Every line in the data below from the one containing "26.907C15.121 25.937 11.63" down to the one containing "39.53 12.879C39.53 9.188", both included, must be retyped exactly; no other line is to appear.

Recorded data
___
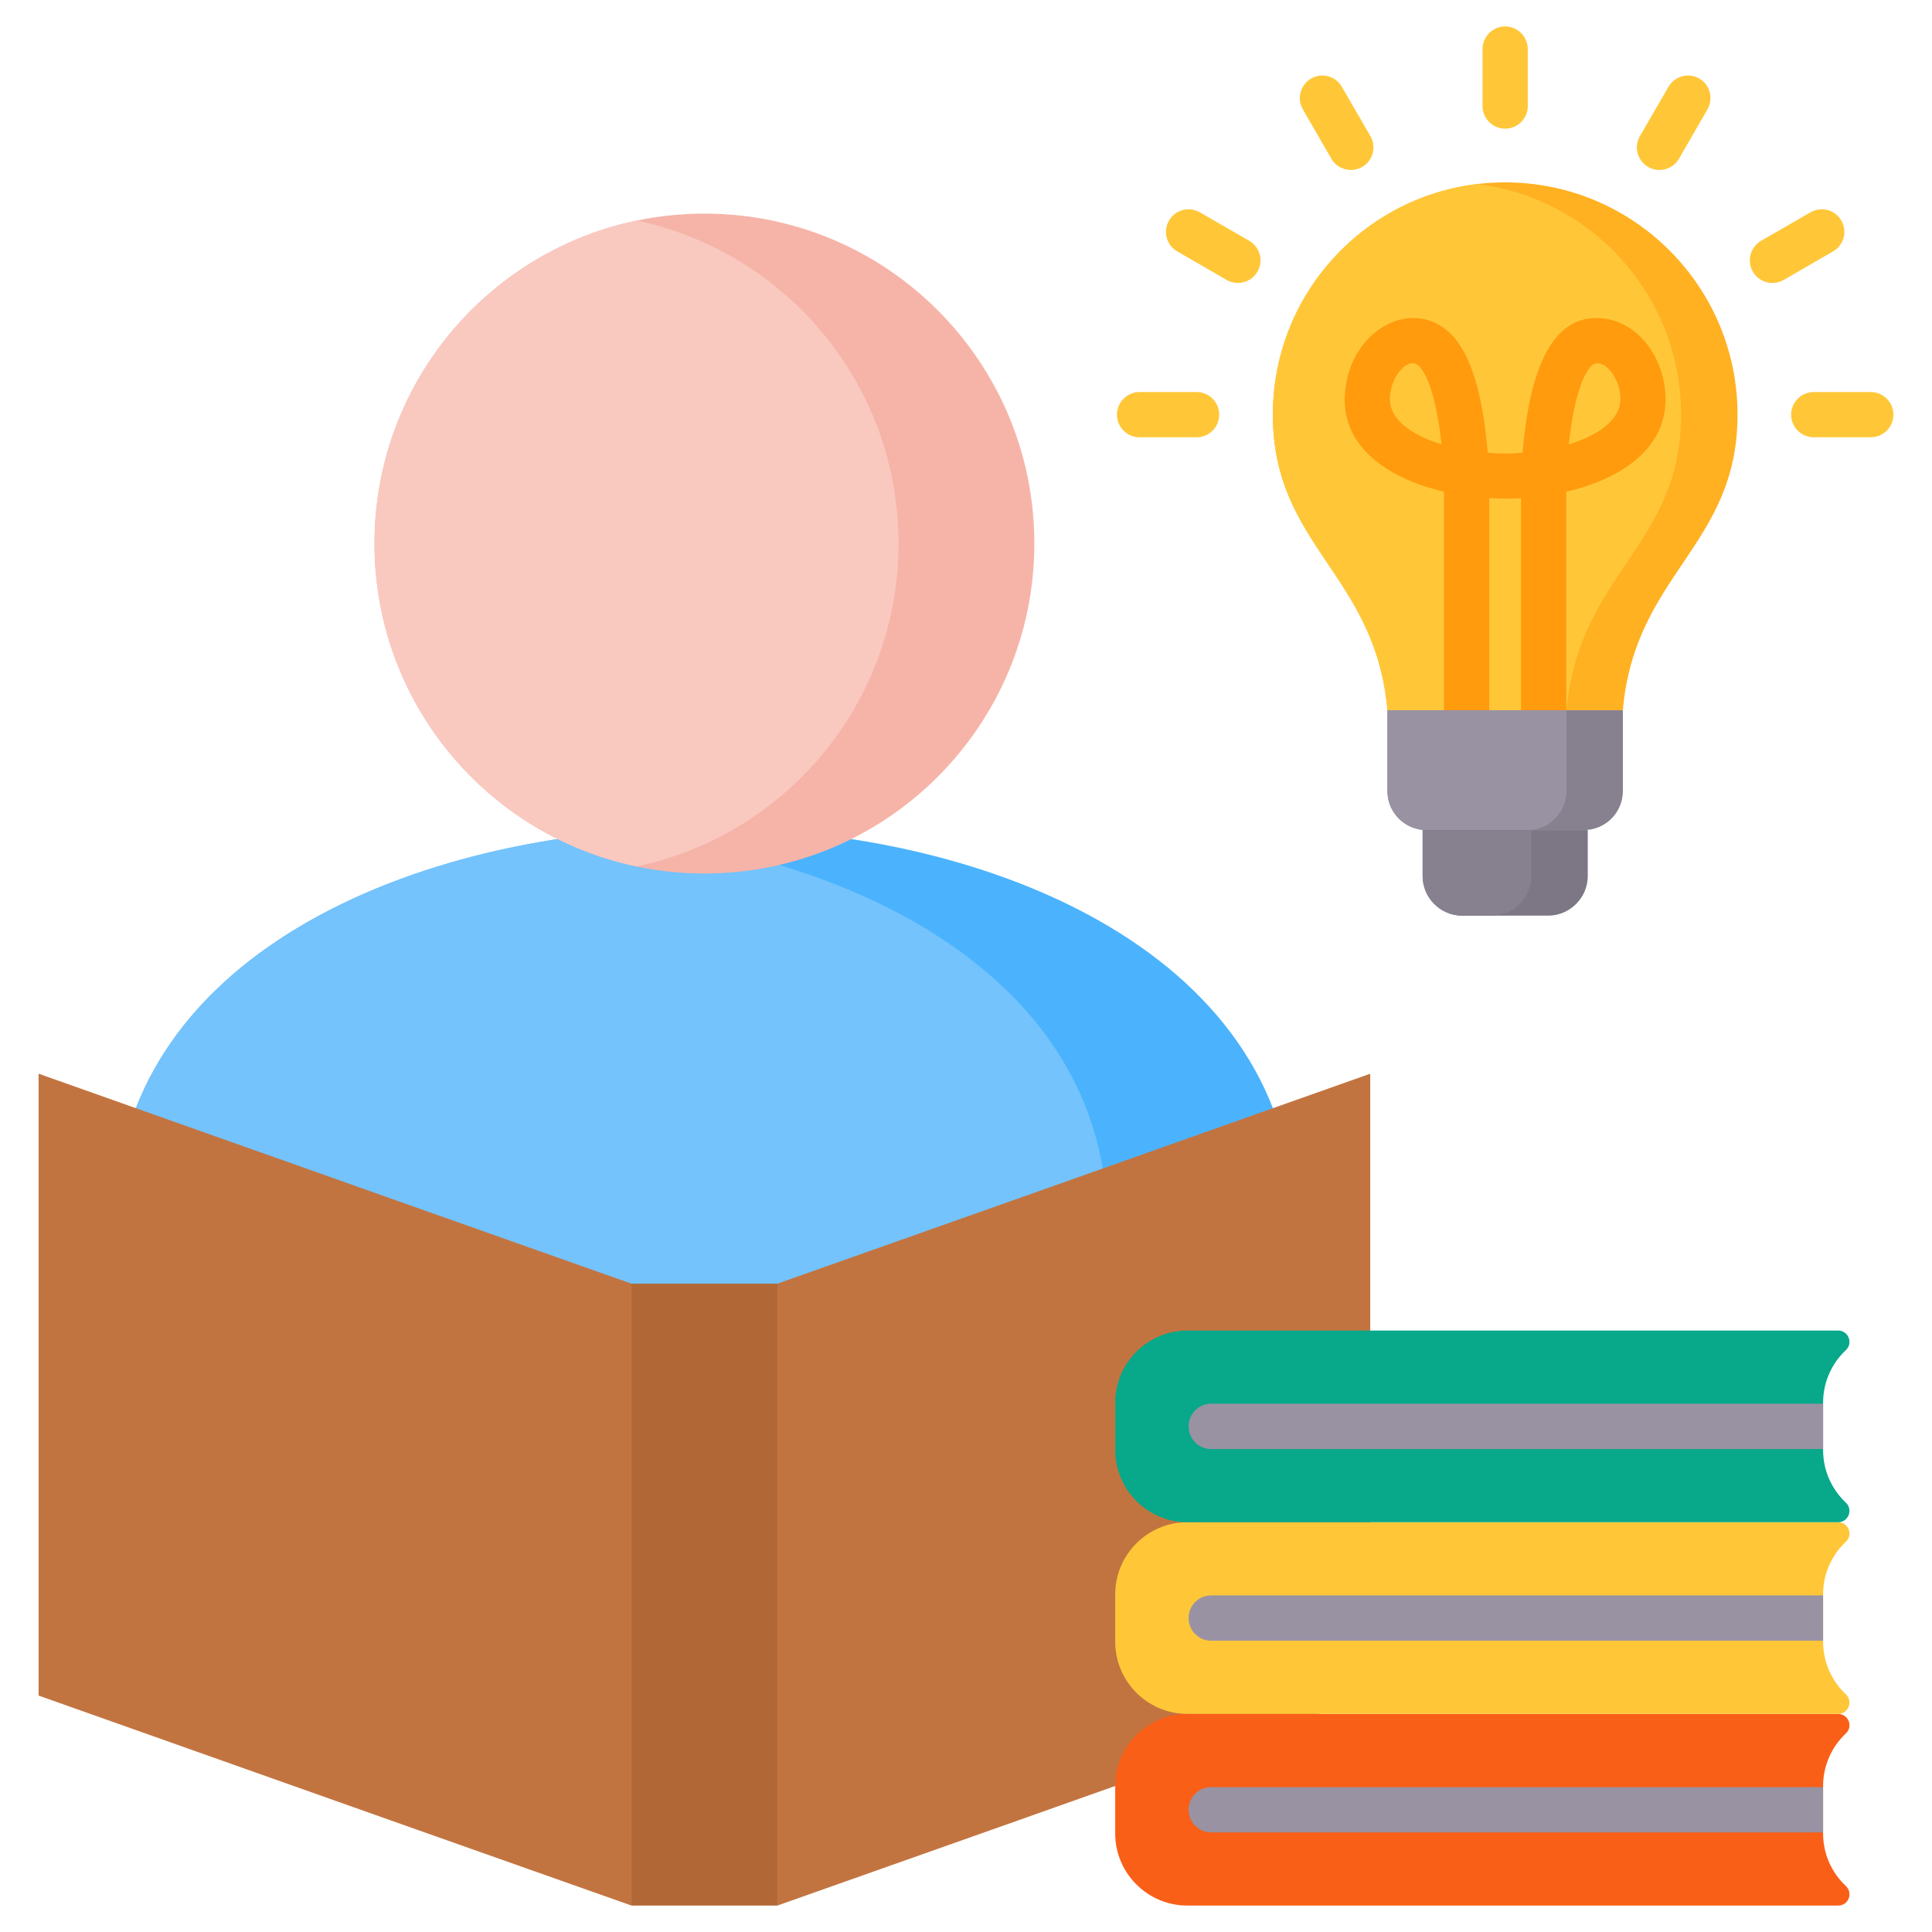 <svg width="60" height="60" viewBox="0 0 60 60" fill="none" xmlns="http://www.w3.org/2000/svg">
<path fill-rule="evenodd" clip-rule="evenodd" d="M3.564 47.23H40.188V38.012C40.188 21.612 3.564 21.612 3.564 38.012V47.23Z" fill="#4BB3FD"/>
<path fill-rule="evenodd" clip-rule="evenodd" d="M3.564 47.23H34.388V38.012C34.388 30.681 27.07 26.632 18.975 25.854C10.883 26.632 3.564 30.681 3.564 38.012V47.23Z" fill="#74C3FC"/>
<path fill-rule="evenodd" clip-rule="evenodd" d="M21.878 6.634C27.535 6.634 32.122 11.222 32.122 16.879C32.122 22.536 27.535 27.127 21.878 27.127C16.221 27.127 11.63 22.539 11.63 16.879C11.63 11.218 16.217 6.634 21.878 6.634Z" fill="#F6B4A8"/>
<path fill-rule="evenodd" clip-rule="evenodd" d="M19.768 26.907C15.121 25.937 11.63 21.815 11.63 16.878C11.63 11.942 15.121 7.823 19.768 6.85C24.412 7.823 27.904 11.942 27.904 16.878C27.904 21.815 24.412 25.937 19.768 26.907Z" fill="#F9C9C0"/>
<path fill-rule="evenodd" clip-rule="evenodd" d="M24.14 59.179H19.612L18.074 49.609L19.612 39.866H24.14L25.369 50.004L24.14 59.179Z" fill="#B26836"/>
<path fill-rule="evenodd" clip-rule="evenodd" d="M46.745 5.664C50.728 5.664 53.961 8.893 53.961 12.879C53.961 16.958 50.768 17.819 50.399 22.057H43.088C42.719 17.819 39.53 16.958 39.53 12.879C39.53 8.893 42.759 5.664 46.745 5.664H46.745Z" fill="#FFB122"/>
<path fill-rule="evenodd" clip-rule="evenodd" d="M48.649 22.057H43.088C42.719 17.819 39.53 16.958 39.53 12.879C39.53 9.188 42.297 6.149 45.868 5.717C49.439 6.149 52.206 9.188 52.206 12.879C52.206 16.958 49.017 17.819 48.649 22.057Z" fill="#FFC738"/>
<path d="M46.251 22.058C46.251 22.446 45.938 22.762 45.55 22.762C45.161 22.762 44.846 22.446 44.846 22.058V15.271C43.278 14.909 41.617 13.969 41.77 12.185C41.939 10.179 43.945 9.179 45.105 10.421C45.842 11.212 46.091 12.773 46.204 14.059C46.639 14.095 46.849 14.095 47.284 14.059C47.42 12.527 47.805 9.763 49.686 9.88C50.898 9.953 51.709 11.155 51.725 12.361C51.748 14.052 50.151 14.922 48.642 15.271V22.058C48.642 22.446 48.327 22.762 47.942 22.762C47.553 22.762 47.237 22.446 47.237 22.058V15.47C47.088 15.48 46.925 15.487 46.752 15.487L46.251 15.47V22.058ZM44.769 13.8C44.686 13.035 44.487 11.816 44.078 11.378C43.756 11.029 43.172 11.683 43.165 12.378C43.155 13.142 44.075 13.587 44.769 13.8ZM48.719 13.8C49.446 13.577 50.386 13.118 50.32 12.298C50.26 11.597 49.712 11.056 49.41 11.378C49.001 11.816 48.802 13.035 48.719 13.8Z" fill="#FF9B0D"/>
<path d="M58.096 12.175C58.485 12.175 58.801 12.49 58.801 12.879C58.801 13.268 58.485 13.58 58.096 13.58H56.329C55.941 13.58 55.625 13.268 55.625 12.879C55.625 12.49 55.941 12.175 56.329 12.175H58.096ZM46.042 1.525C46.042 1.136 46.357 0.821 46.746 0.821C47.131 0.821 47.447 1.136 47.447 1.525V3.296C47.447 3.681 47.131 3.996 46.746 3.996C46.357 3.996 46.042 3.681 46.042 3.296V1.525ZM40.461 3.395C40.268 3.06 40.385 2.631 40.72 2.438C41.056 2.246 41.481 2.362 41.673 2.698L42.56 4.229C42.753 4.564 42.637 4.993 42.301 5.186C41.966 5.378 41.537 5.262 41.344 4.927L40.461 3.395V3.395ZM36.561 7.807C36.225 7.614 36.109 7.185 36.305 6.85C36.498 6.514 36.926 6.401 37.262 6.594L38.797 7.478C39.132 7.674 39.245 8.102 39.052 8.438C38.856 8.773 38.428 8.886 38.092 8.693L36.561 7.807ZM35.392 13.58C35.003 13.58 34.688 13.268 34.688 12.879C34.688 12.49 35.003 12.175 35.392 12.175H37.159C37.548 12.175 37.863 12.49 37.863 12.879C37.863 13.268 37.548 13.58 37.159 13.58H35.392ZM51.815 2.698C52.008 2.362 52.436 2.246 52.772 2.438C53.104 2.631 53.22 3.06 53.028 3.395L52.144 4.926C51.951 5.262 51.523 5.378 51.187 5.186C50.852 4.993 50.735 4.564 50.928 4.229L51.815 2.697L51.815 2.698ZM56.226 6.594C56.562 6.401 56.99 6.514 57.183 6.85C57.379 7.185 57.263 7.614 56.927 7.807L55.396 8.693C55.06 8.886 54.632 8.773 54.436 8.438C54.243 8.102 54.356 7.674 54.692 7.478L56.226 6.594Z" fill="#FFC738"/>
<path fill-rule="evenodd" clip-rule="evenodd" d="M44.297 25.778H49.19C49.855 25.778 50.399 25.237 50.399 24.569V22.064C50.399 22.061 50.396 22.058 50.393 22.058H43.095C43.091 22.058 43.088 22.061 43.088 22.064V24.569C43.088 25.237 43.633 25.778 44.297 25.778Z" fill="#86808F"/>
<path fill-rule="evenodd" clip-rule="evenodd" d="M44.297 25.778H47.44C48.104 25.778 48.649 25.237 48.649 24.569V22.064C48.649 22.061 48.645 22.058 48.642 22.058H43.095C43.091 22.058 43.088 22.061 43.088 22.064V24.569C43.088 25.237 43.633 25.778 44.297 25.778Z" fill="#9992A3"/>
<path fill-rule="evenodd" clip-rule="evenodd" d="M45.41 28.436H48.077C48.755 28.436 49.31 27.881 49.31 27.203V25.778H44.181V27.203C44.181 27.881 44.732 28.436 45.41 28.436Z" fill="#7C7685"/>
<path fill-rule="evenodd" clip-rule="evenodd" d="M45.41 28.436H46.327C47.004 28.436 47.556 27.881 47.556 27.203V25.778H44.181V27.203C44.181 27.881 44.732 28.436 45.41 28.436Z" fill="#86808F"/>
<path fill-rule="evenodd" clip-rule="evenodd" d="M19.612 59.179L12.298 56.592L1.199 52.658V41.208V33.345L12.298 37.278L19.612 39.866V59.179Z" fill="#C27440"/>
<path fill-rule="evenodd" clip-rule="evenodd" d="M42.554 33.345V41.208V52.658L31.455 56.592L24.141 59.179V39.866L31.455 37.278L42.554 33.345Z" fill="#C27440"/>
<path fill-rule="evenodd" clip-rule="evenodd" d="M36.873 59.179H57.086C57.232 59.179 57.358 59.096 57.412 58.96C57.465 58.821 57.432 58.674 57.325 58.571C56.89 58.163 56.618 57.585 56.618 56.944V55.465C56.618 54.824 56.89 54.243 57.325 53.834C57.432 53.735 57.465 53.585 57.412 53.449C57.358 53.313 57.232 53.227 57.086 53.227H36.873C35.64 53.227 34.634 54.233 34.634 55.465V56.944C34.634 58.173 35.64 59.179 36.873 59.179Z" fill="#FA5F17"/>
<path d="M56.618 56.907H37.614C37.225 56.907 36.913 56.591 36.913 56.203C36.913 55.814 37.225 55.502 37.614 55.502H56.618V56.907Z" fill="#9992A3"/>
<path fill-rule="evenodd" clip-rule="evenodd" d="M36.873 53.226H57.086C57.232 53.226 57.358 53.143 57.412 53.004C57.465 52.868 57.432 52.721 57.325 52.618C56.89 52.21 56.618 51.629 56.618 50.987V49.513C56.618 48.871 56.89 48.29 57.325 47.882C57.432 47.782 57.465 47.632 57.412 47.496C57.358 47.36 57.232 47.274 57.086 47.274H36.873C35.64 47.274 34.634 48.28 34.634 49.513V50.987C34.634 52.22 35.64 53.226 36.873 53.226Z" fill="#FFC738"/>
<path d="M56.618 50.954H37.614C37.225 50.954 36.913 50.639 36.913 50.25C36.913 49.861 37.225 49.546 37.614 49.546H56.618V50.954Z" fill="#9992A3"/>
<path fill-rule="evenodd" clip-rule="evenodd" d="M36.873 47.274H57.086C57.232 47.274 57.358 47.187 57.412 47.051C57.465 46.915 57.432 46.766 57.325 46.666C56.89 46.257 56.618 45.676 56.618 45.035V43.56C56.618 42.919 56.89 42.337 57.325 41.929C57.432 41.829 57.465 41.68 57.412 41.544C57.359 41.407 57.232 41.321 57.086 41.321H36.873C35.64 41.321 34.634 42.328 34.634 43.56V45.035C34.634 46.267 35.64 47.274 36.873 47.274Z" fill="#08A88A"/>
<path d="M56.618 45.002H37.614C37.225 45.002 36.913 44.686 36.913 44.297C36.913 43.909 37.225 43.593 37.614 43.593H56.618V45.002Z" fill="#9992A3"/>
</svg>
___
*Solution for this task:*
<path fill-rule="evenodd" clip-rule="evenodd" d="M19.768 26.907C15.121 25.937 11.63 21.815 11.63 16.878C11.63 11.942 15.121 7.823 19.768 6.85C24.412 7.823 27.904 11.942 27.904 16.878C27.904 21.815 24.412 25.937 19.768 26.907Z" fill="#F9C9C0"/>
<path fill-rule="evenodd" clip-rule="evenodd" d="M24.14 59.179H19.612L18.074 49.609L19.612 39.866H24.14L25.369 50.004L24.14 59.179Z" fill="#B26836"/>
<path fill-rule="evenodd" clip-rule="evenodd" d="M46.745 5.664C50.728 5.664 53.961 8.893 53.961 12.879C53.961 16.958 50.768 17.819 50.399 22.057H43.088C42.719 17.819 39.53 16.958 39.53 12.879C39.53 8.893 42.759 5.664 46.745 5.664H46.745Z" fill="#FFB122"/>
<path fill-rule="evenodd" clip-rule="evenodd" d="M48.649 22.057H43.088C42.719 17.819 39.53 16.958 39.53 12.879C39.53 9.188 42.297 6.149 45.868 5.717C49.439 6.149 52.206 9.188 52.206 12.879C52.206 16.958 49.017 17.819 48.649 22.057Z" fill="#FFC738"/>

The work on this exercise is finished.